All type erasure follows the same skeleton: an abstract Concept defines the interface via pure virtuals; a Model<T> template implements it by delegating to a stored T; the outer value type holds a Concept pointer and forwards calls. The result is a copyable, value-semantic object that owns any conforming concrete type.

class Shape {
    struct Concept {
        virtual double area()  const = 0;
        virtual void   draw()  const = 0;
        virtual std::unique_ptr<Concept> clone() const = 0;
        virtual ~Concept() = default;
    };

    template<typename T>
    struct Model final : Concept {        // 'final' lets the compiler devirtualise
        T obj_;
        explicit Model(T o) : obj_(std::move(o)) {}

        double area()  const override { return obj_.area(); }
        void   draw()  const override { obj_.draw(); }
        std::unique_ptr<Concept> clone() const override {
            return std::make_unique<Model>(*this);  // C++14 make_unique
        }
    };

    std::unique_ptr<Concept> impl_;  // C++11 unique_ptr

public:
    template<typename T>
    /*implicit*/ Shape(T shape)
        : impl_(std::make_unique<Model<T>>(std::move(shape))) {}

    Shape(const Shape& o) : impl_(o.impl_->clone()) {}
    Shape& operator=(const Shape& o) { impl_ = o.impl_->clone(); return *this; }
    Shape(Shape&&) noexcept = default;
    Shape& operator=(Shape&&) noexcept = default;

    double area() const { return impl_->area(); }
    void   draw() const { impl_->draw(); }
};

// No modification to Circle or Square required
struct Circle { double r; double area() const { return 3.14159 * r * r; } void draw() const; };
struct Square { double s; double area() const { return s * s; }           void draw() const; };

std::vector<Shape> shapes;
shapes.emplace_back(Circle{5.0});
shapes.emplace_back(Square{4.0});

for (const Shape& s : shapes)
    s.draw();  // virtual dispatch — no shared base class

clone() is the price of value semantics. If move-only ownership suffices, drop clone() and remove the copy constructor.

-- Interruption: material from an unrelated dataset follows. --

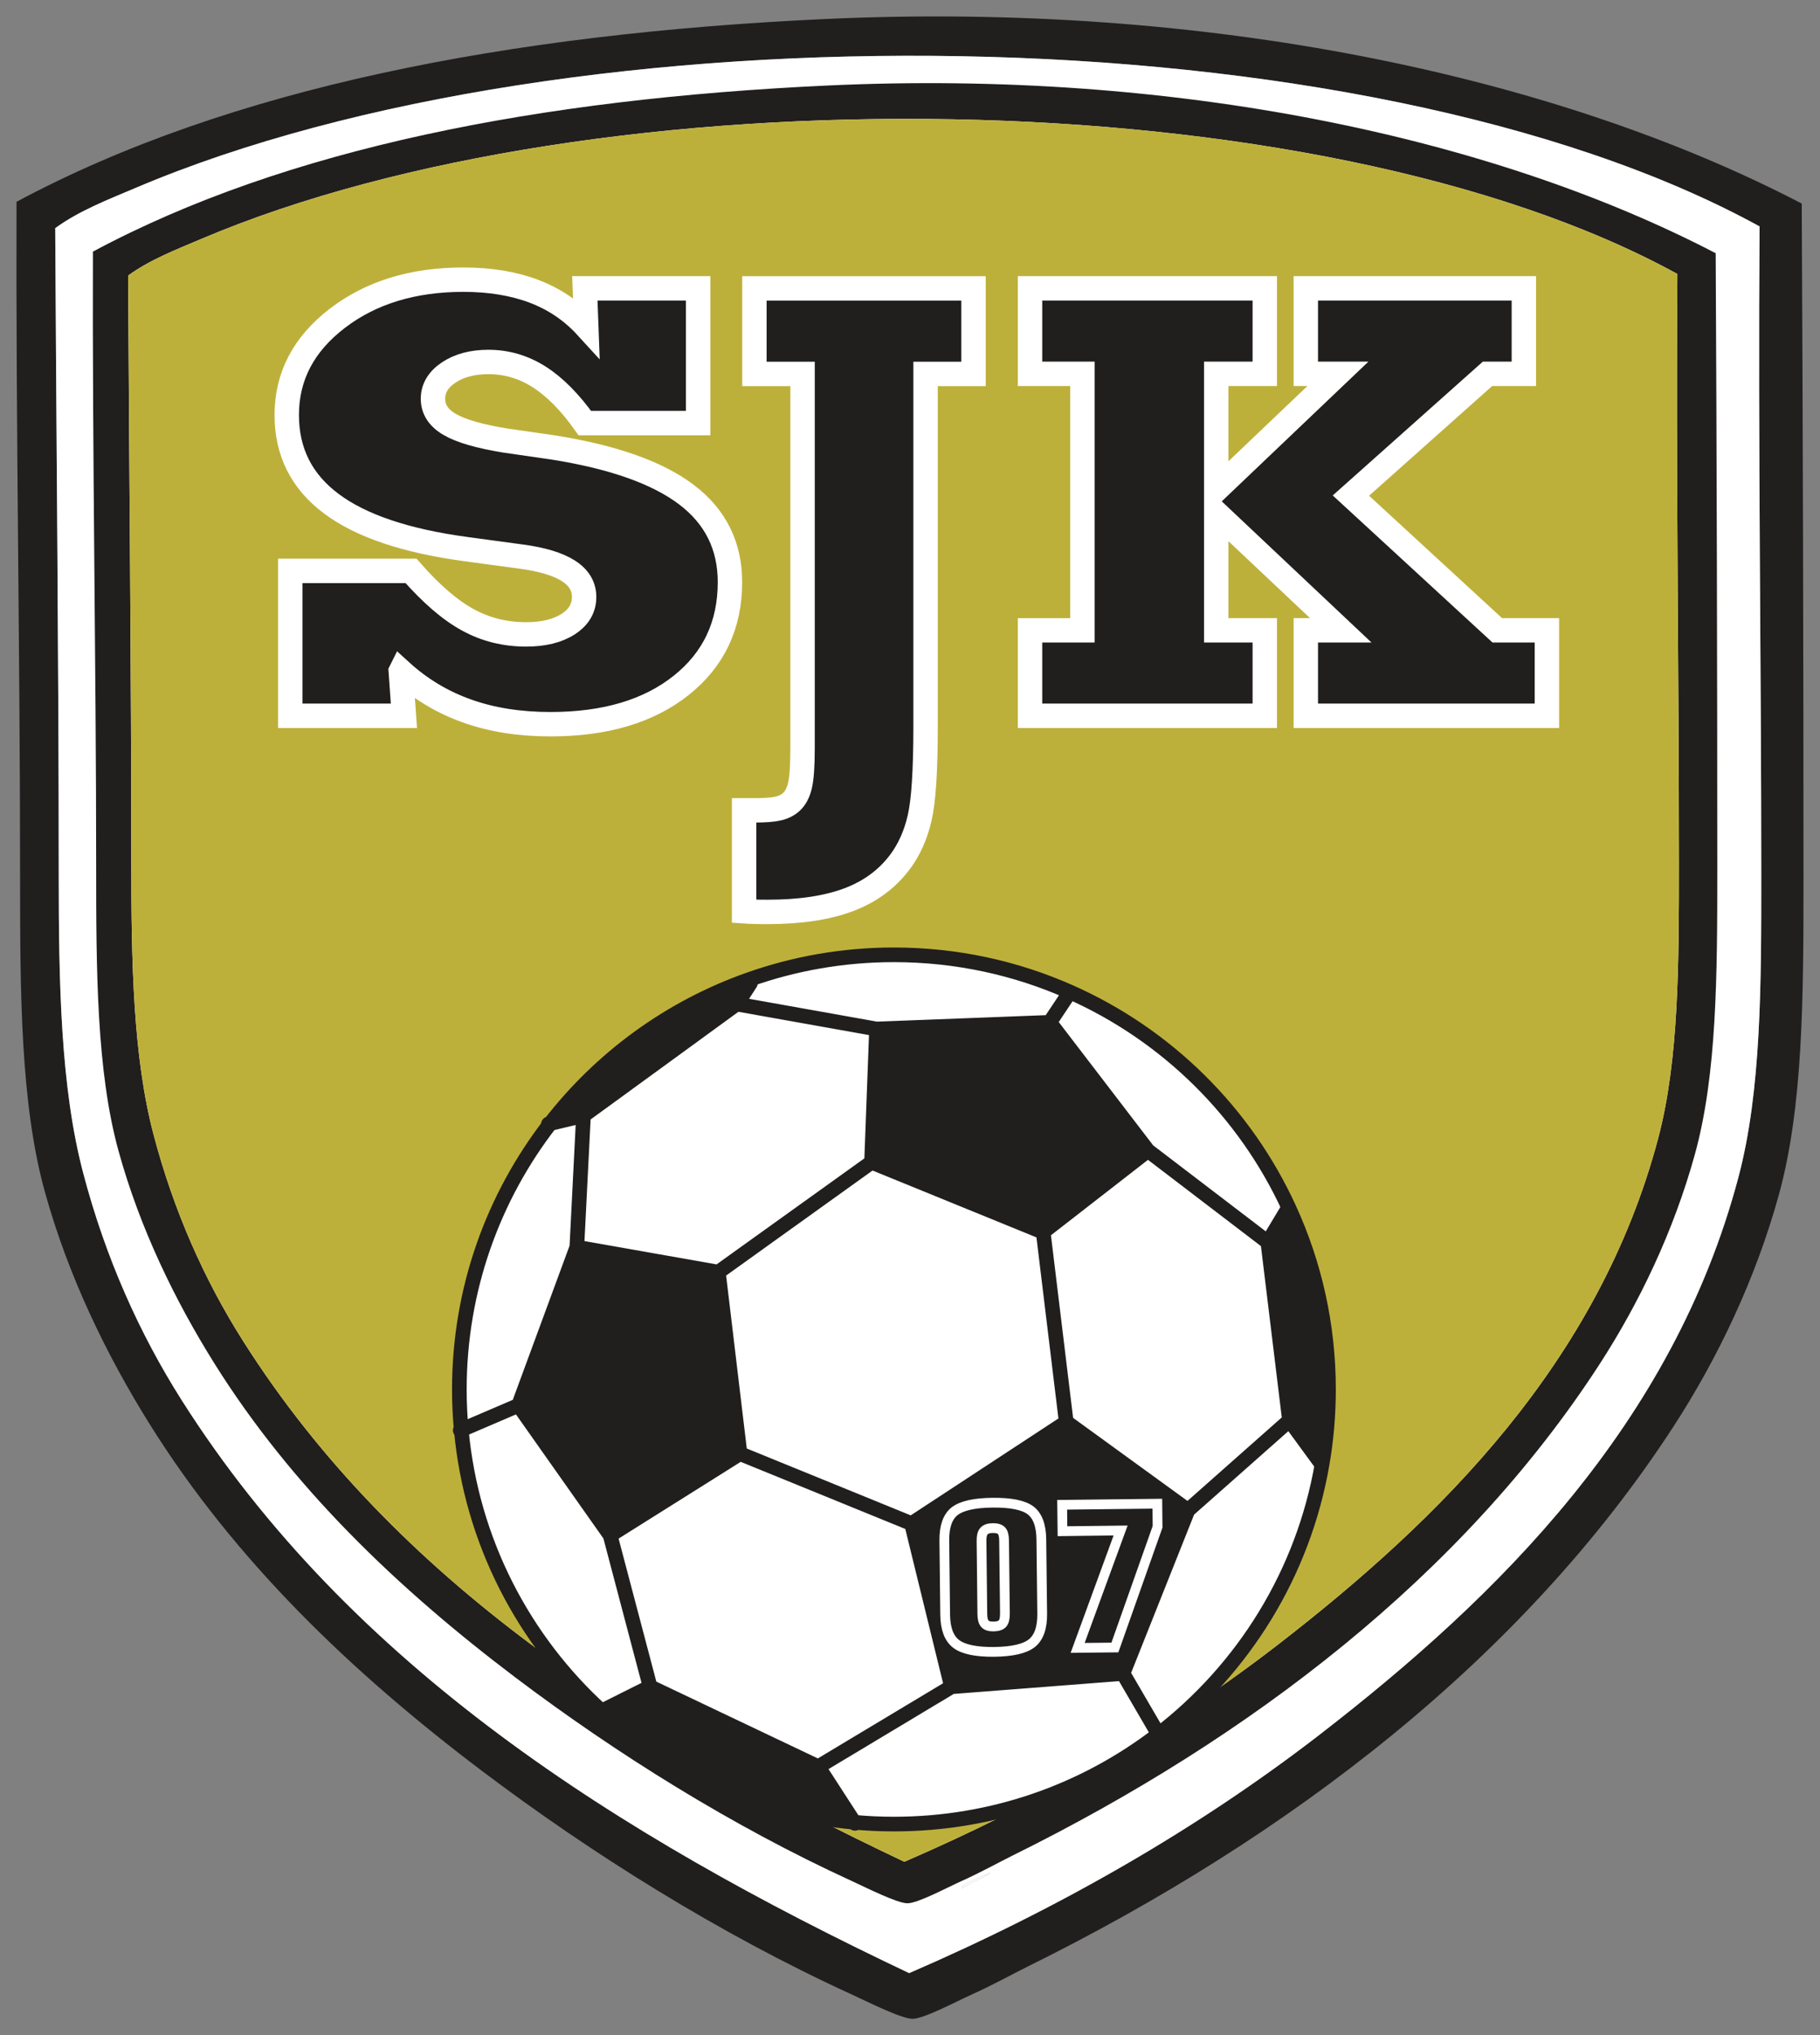 <svg height="330.236" viewBox="0 0 221.5 247.677" width="221.5pt" xmlns="http://www.w3.org/2000/svg"><rect x="0" y="0" width="221.5" height="247.677" fill="#808080" stroke="none"/><clipPath id="b"><path d="M0 0H367V412H0z"/></clipPath><clipPath id="d"><path d="m .98.48h332.828v372.883h-332.828zm0 0"/></clipPath><clipPath id="c"><path d="M0 0H334V374H0z"/></clipPath><clipPath id="f"><path d="m165 51h13.137v54h-13.137zm0 0"/></clipPath><clipPath id="g"><path d="m73 147h71v31.121h-71zm0 0"/></clipPath><clipPath id="h"><path d="m57 .051h69v15.949h-69zm0 0"/></clipPath><clipPath id="i"><path d="m .066 32h25.934v66h-25.934zm0 0"/></clipPath><clipPath id="e"><path d="M0 0H179V179H0z"/></clipPath><clipPath id="k"><path d="m24 .277h20.117v30.566h-20.117zm0 0"/></clipPath><clipPath id="l"><path d="m .426.277h20.574v30.566h-20.574zm0 0"/></clipPath><clipPath id="j"><path d="M0 0H45V31H0z"/></clipPath><clipPath id="a"><path d="M0 0H367V412H0z"/></clipPath><g clip-path="url(#a)" transform="translate(-72.646 -82.083)"><g clip-path="url(#b)" transform="translate(74.454 83.599) scale(.594)"><path d="m353.148 238.59c4.672-17.648 4.672-39.301 4.672-61.922 0-43.32-.68-88.121-.352-132.84-81.309-44.609-243.66-45.719-332.648-7.918-5.781 2.449-11.648 4.707-16.551 8.277.23 44.172.719 88.902.719 132.121 0 22.488.371 43.91 5.043 61.559 4.539 17.223 11.457 32.723 20.16 46.441 34.457 54.352 89.027 88.93 149.039 117.359 30.84-13.328 59.277-29.66 84.238-48.961 36.5-28.238 72.262-63.508 85.68-114.117m12.961-199.441c.238 45.789.352 92.879.359 138.602 0 24.098-.078 46.418-5.039 64.441-4.781 17.336-12.57 33.598-21.609 47.516-30.812 47.453-78.711 84.113-132.121 110.523-3.27 1.617-7.191 3.809-11.508 5.758-3.473 1.559-9.871 5.012-12.242 5.039-2.301.019-9.168-3.469-12.609-5.039-27.191-12.461-53.34-28.918-75.602-45.719-26.777-20.223-50.598-43.07-68.027-70.922-8.891-14.199-16.812-30.488-21.602-47.879-4.961-18.012-5.039-40.699-5.039-64.441 0-45.32-.879-92.301-.73-138.238 43.559-23.352 100.77-34.43 165.609-37.441 78.043-3.629 149.723 11.539 200.16 37.801" fill="#211e1e"/><path d="m73.07 313.109c1.289 1.629 4.641 4.891 5.039 5.039-1.301-1.629-4.648-4.898-5.039-5.039m120.961 71.277c1.398-1.168 5.91-2.887 5.746-3.238-1.766.789-6.359 2.441-5.746 3.238m91.438-62.277c4.23-3.93 10.211-9.93 12.961-12.961-4.238 3.93-10.219 9.93-12.961 12.961m72.352-145.441c0 22.621 0 44.27-4.672 61.922-13.418 50.609-49.18 85.879-85.68 114.121-24.957 19.297-53.398 35.629-84.238 48.957-60.012-28.43-114.582-63.008-149.039-117.359-8.703-13.719-15.621-29.219-20.16-46.441-4.672-17.648-5.043-39.07-5.043-61.559 0-43.219-.488-87.949-.719-132.121 4.898-3.57 10.77-5.828 16.551-8.277 88.988-37.801 251.34-36.691 332.648 7.918-.328 44.723.352 89.52.352 132.84" fill="#fff"/><path d="M298.43 309.148c-2.75 3.031-8.73 9.031-12.961 12.961 2.742-3.031 8.723-9.031 12.961-12.961M199.781 381.148c.156.352-4.352 2.07-5.75 3.238-.609-.797 3.977-2.449 5.75-3.238M78.109 318.148c-.398-.148-3.75-3.41-5.039-5.039.391.141 3.738 3.41 5.039 5.039" fill="#fff"/></g><g clip-path="url(#c)" transform="translate(83.364 91.915) scale(.594)"><g clip-path="url(#d)" fill="#211e1e"><path d="m321.703 216.617c4.242-16.047 4.242-35.727 4.242-56.285 0-39.379-.617-80.102-.316-120.754-73.91-40.551-221.488-41.559-302.379-7.199-5.254 2.227-10.59 4.281-15.043 7.527.207 40.148.652 80.809.652 120.098 0 20.441.336 39.914 4.582 55.957 4.129 15.652 10.418 29.742 18.324 42.215 31.324 49.402 80.93 80.836 135.477 106.68 28.035-12.117 53.887-26.961 76.574-44.504 33.18-25.672 65.688-57.73 77.887-103.734m11.777-181.293c.219 41.625.32 84.43.328 125.988 0 21.906-.07 42.195-4.582 58.574-4.344 15.762-11.422 30.543-19.641 43.195-28.008 43.133-71.551 76.457-120.098 100.465-2.973 1.473-6.535 3.465-10.465 5.234-3.152 1.418-8.969 4.555-11.125 4.582-2.09.019-8.336-3.152-11.461-4.582-24.715-11.324-48.488-26.289-68.723-41.559-24.34-18.379-45.992-39.152-61.836-64.465-8.082-12.91-15.281-27.719-19.637-43.523-4.508-16.371-4.582-36.996-4.582-58.578 0-41.195-.801-83.898-.664-125.66 39.598-21.223 91.602-31.297 150.539-34.031 70.941-3.301 136.098 10.488 181.945 34.359"/></g><path d="m177.062 349.148c1.273-1.062 5.371-2.629 5.227-2.945-1.609.719-5.781 2.219-5.227 2.945m148.883-188.816c0 20.559 0 40.238-4.242 56.285-12.199 46.004-44.707 78.062-77.887 103.734-22.688 17.543-48.539 32.387-76.57 44.504-54.551-25.844-104.156-57.277-135.48-106.68-7.906-12.473-14.195-26.562-18.324-42.215-4.246-16.043-4.582-35.516-4.582-55.957 0-39.289-.445-79.949-.652-120.098 4.453-3.246 9.789-5.301 15.043-7.527 80.891-34.359 228.469-33.352 302.379 7.199-.301 40.652.316 81.375.316 120.754" fill="#bdb03a"/><path d="m182.289 346.203c.145.316-3.953 1.883-5.227 2.945-.555-.727 3.617-2.227 5.227-2.945" fill="#fff"/></g><g clip-path="url(#e)" transform="translate(128.51 198.246) scale(.594)"><g clip-path="url(#f)" fill="#211e1e"><path d="m178.137 89.082c0 5.195-.445 10.281-1.301 15.23l-.207-.031-6.48-8.863-4.441-36.508 4.094-6.824.246-.117c5.195 11.301 8.09 23.863 8.09 37.113"/></g><path d="m176.629 104.281l.207.031c-3.871 22.477-16.168 42.059-33.52 55.395l-.125-.16-7.156-12.281 13.305-33.426 20.809-18.422zm0 0" fill="#fff"/><path d="m165.707 58.91 4.441 36.508-20.809 18.422-24.906-18.086-.023.016-.008-.016-4.719-38.891-.016-.016 21.477-16.695zM170.047 51.969l-.246.117-4.094 6.824-24.562-18.758-20.121-26.273 4.094-6.137.039-.078c19.828 8.785 35.852 24.605 44.891 44.305" fill="#fff"/><path d="m149.34 113.84l-13.305 33.426-35.141 2.723-8.187-33.426 31.703-20.789.023-.02zm0 0" fill="#211e1e"/><g clip-path="url(#g)" fill="#fff"><path d="m143.191 159.547l.125.16c-15.016 11.551-33.812 18.414-54.219 18.414-2.742 0-5.457-.121-8.133-.375l-7.367-11.375 27.297-16.383 35.141-2.723zm0 0"/></g><path d="m121.023 13.879l20.121 26.273-21.477 16.695-.016.016-35.133-14.328 1.023-27.293zm0 0" fill="#211e1e"/><g clip-path="url(#h)" fill="#fff"><path d="m125.156 7.664l-.039.074-4.094 6.141-35.48 1.363-28.242-5.039.148-.84 2.254-3.508-.262-.738c9.277-3.281 19.262-5.066 29.656-5.066 12.836 0 25.039 2.719 36.059 7.613"/></g><path d="m124.402 95.754l.008.02-31.703 20.789-35.137-14.328-4.441-37.184 31.391-22.516 35.133 14.328.016-.016.016.016zm0 0" fill="#fff"/><path d="m92.707 116.562 8.187 33.426-27.297 16.387-34.449-16.387-8.188-31.031 26.609-16.723zM85.543 15.242l-1.023 27.293-31.391 22.52-28.992-5.121 1.359-26.945 31.391-22.863.414.078zm0 0" fill="#fff"/><path d="m73.598 166.371 7.367 11.375c-19.801-1.785-37.73-10.059-51.645-22.68l.27-.297 9.559-4.781zM59.441 5.117l.262.738-2.254 3.508-.148.84-.414-.078-31.391 22.863-6.809 1.613c10.363-13.395 24.469-23.746 40.754-29.484M53.129 65.051l4.441 37.184-26.609 16.723-18.766-26.609v-.008l11.941-32.406zm0 0" fill="#211e1e"/><path d="m30.961 118.957l8.188 31.031-9.559 4.781-.266.297c-16.055-14.547-26.773-34.871-28.867-57.695l11.738-5.031v.008zm0 0" fill="#fff"/><g clip-path="url(#i)" fill="#fff"><path d="m25.496 32.988l-1.359 26.945-11.941 32.406-11.738 5.031c-.262-2.723-.391-5.496-.391-8.289 0-20.52 6.949-39.418 18.621-54.48zm0 0"/></g></g><path d="M229.523 229.116c3.086 6.711 4.806 14.175 4.806 22.046 0 3.086-.265 6.107-.773 9.047-2.3 13.352-9.604 24.984-19.911 32.906-8.917 6.861-20.085 10.938-32.207 10.938-1.627 0-3.242-.072-4.831-.223-11.762-1.06-22.413-5.975-30.678-13.472-9.535-8.644-15.902-20.714-17.146-34.273-.155-1.617-.232-3.265-.232-4.924 0-12.189 4.128-23.415 11.061-32.363 6.158-7.957 14.535-14.106 24.209-17.514 5.513-1.949 11.44-3.01 17.617-3.01 7.625 0 14.874 1.615 21.42 4.522 11.778 5.219 21.297 14.616 26.666 26.318zM163.976 201.724l-1.341 2.084" fill="none" stroke="#211e1e" stroke-linecap="round" stroke-linejoin="round" stroke-width="1.782"/><path d="m128.659 256.138.123-.051 6.973-2.989M202.833 202.842l-2.432 3.648M229.376 229.186l-2.432 4.054M209.319 285.725l4.251 7.295M172.229 297.074l16.215-9.732M188.444 287.343l-4.864-19.856M135.755 253.103v-.005l7.093-19.25M142.848 233.848l17.222 3.04M160.07 236.888l18.647-13.375M178.717 223.513l.608-16.213M179.325 207.3l-16.777-2.993-.246-.046M162.303 204.26l-18.647 13.581M143.656 217.842l-.807 16.006M160.07 236.888l2.638 22.088M162.709 258.976l20.872 8.511M183.581 267.487l18.832-12.352.014-.009M202.409 255.126l-2.803-23.102M199.587 232.024l-20.87-8.511M199.587 232.024l.009-.009 12.758-9.917M202.427 255.126l14.795 10.744M217.222 265.869l12.361-10.943M229.583 254.926l-2.638-21.687M212.354 222.097l14.591 11.143M212.354 222.097l-11.952-15.607M200.401 206.49l-21.076.81M188.444 287.343l20.874-1.617M209.319 285.725l7.903-19.856M229.583 254.926l3.85 5.265M135.755 253.103l11.147 15.807M146.902 268.909l4.864 18.433M151.766 287.343l-5.678 2.84M151.766 287.343l20.464 9.732M172.229 297.074l4.376 6.757.086.132M146.902 268.909l15.807-9.934M143.656 217.842l-4.044.958-.211.051" fill="none" stroke="#211e1e" stroke-linecap="round" stroke-linejoin="round" stroke-width="1.782"/><path d="m121.421 163.76l.383 5.427h-13.834v-17.635h14.697c2.464 2.805 4.768 4.794 6.924 5.959 2.142 1.179 4.504 1.77 7.087 1.77 2.126 0 3.829-.422 5.119-1.253 1.29-.831 1.938-1.938 1.938-3.297 0-1.299-.631-2.36-1.907-3.179-1.276-.817-3.184-1.395-5.708-1.733l-6.745-.914c-7.337-.986-12.809-2.829-16.417-5.537-3.608-2.696-5.414-6.295-5.414-10.785 0-4.708 2.056-8.62 6.147-11.76 4.093-3.142 9.214-4.708 15.345-4.708 3.242 0 6.103.471 8.581 1.408 2.481.94 4.608 2.371 6.381 4.309l-.174-4.659h13.788v16.396h-13.788c-1.805-2.541-3.669-4.418-5.56-5.622-1.907-1.214-3.977-1.817-6.177-1.817-1.951 0-3.564.434-4.84 1.288-1.276.856-1.907 1.926-1.907 3.191 0 1.288.675 2.334 2.026 3.116 1.348.796 3.592 1.446 6.745 1.963l5.838.842c7.307 1.156 12.72 3.07 16.254 5.755 3.522 2.673 5.281 6.223 5.281 10.641 0 5.223-1.982 9.414-5.926 12.553-3.961 3.156-9.256 4.731-15.916 4.731-3.754 0-7.131-.529-10.138-1.601-3.021-1.07-5.706-2.685-8.082-4.85" fill="#211e1e"/><path d="m121.421 163.76l.383 5.427h-13.834v-17.635h14.697c2.464 2.805 4.768 4.794 6.924 5.959 2.142 1.179 4.504 1.77 7.087 1.77 2.126 0 3.829-.422 5.119-1.253 1.29-.831 1.938-1.938 1.938-3.297 0-1.299-.631-2.36-1.907-3.179-1.276-.817-3.184-1.395-5.708-1.733l-6.745-.914c-7.337-.986-12.809-2.829-16.417-5.537-3.608-2.696-5.414-6.295-5.414-10.785 0-4.708 2.056-8.62 6.147-11.76 4.093-3.142 9.214-4.708 15.345-4.708 3.242 0 6.103.471 8.581 1.408 2.481.94 4.608 2.371 6.381 4.309l-.174-4.659h13.788v16.396h-13.788c-1.805-2.541-3.669-4.418-5.56-5.622-1.907-1.214-3.977-1.817-6.177-1.817-1.951 0-3.564.434-4.84 1.288-1.276.856-1.907 1.926-1.907 3.191 0 1.288.675 2.334 2.026 3.116 1.348.796 3.592 1.446 6.745 1.963l5.838.842c7.307 1.156 12.72 3.07 16.254 5.755 3.522 2.673 5.281 6.223 5.281 10.641 0 5.223-1.982 9.414-5.926 12.553-3.961 3.156-9.256 4.731-15.916 4.731-3.754 0-7.131-.529-10.138-1.601-3.021-1.07-5.706-2.685-8.082-4.85zm0 0" fill="none" stroke="#fff" stroke-width="2.97"/><path d="M198.004 169.187v-10.4h6.374v-31.212h-6.374v-10.402h28.571v10.402h-5.91v14.106l14.809-14.106h-3.908v-10.402h26.539v10.402h-4.427l-16.623 14.816 17.814 16.396h6.04v10.4h-29.342v-10.4h4.253l-15.155-14.287v14.287h5.91v10.4zM170.32 169.786v-42.201h-5.859v-10.409h26.666v10.409h-5.834v42.842c0 5.362-.239 9.096-.719 11.18-.483 2.098-1.288 3.889-2.404 5.374-1.552 2.07-3.618 3.601-6.244 4.592-2.62.986-5.901 1.48-9.864 1.48-.736 0-1.309-.012-1.722-.023-.415-.012-.801-.025-1.135-.049v-12.289h1.334c1.255 0 2.202-.072 2.856-.23.64-.155 1.158-.425 1.562-.796.49-.448.847-1.118 1.053-2.012.207-.891.309-2.385.309-4.481zm0 0" fill="#211e1e" stroke="#fff" stroke-width="2.97"/><g clip-path="url(#j)" fill="#211e1e" transform="translate(187.319 264.777) scale(.594)"><g clip-path="url(#k)"><path d="m44.07.488l.047 4.73-8.742 24.727-7.633.082 8.801-24.047-11.91.141-.062-5.41zm0 0"/></g><g clip-path="url(#l)"><path d="m12.668 8.031c-.008-.969-.184-1.648-.52-2.004-.348-.375-.945-.555-1.793-.543-.844.004-1.426.211-1.793.602-.355.391-.531 1.055-.516 2l .168 14.98c.008.969.184 1.641.523 2.023.344.375.926.562 1.742.551.891-.012 1.512-.207 1.859-.594.348-.391.512-1.062.504-2.035zm5.414-6.184c1.441 1.09 2.195 3.082 2.223 5.973l.176 15.188c.035 2.887-.676 4.902-2.125 6.059-1.438 1.137-4.016 1.73-7.719 1.777-3.688.035-6.281-.504-7.766-1.621-1.48-1.117-2.23-3.105-2.27-5.988l-.172-15.188c-.031-2.879.668-4.875 2.105-6.016 1.445-1.121 4.023-1.711 7.754-1.75 3.738-.039 6.34.48 7.793 1.566"/></g><path d="m12.148 6.027c.336.355.516 1.035.52 2.004l.176 14.98c.008.973-.16 1.645-.508 2.035-.344.387-.965.582-1.855.594-.816.012-1.395-.176-1.742-.551-.34-.383-.52-1.055-.523-2.023l-.168-14.98c-.016-.945.16-1.609.516-2 .363-.391.949-.598 1.789-.602.852-.012 1.449.168 1.797.543"/></g><path d="m192.199 278.479c.002.575.109.975.311 1.202.207.223.55.334 1.035.327.529-.007.898-.123 1.105-.353.204-.232.304-.631.299-1.209l-.104-8.899c-.002-.575-.109-.979-.309-1.19-.207-.223-.562-.33-1.067-.323-.499.002-.847.125-1.063.357-.211.232-.316.627-.306 1.188zm0 0" fill="none" stroke="#fff" stroke-width="1.188"/><path d="M199.485 278.444c.021 1.715-.404 2.912-1.26 3.599-.856.675-2.388 1.028-4.587 1.056-2.19.021-3.729-.299-4.613-.963-.879-.664-1.327-1.845-1.348-3.557l-.104-9.022c-.016-1.71.399-2.896 1.253-3.573.859-.666 2.39-1.016 4.606-1.04 2.223-.023 3.766.285 4.629.93.856.647 1.304 1.831 1.32 3.548zM213.498 265.067l.028 2.81-5.193 14.688-4.534.049 5.228-14.284-7.075.084-.037-3.214zm0 0" fill="none" stroke="#fff" stroke-width="1.188"/></g></svg>

Const-correctness is subtle here. Model<T>::area() const invokes obj_.area() const, so T::area() must be const-qualified. For mutable callables — lambdas that modify captured state — the Concept's method must be non-const, making the outer wrapper non-const-callable as well. The std::function standard type handles this internally by storing the callable in a mutable buffer even though operator() is declared const.

std::function — Owning Callable Erasure

std::function<R(Args...)> (C++11, <functional>) stores any callable matching the given signature. It uses small buffer optimisation (SBO) internally: callables up to a threshold (typically 16–24 bytes, implementation-defined) are stored inline; larger ones are heap-allocated.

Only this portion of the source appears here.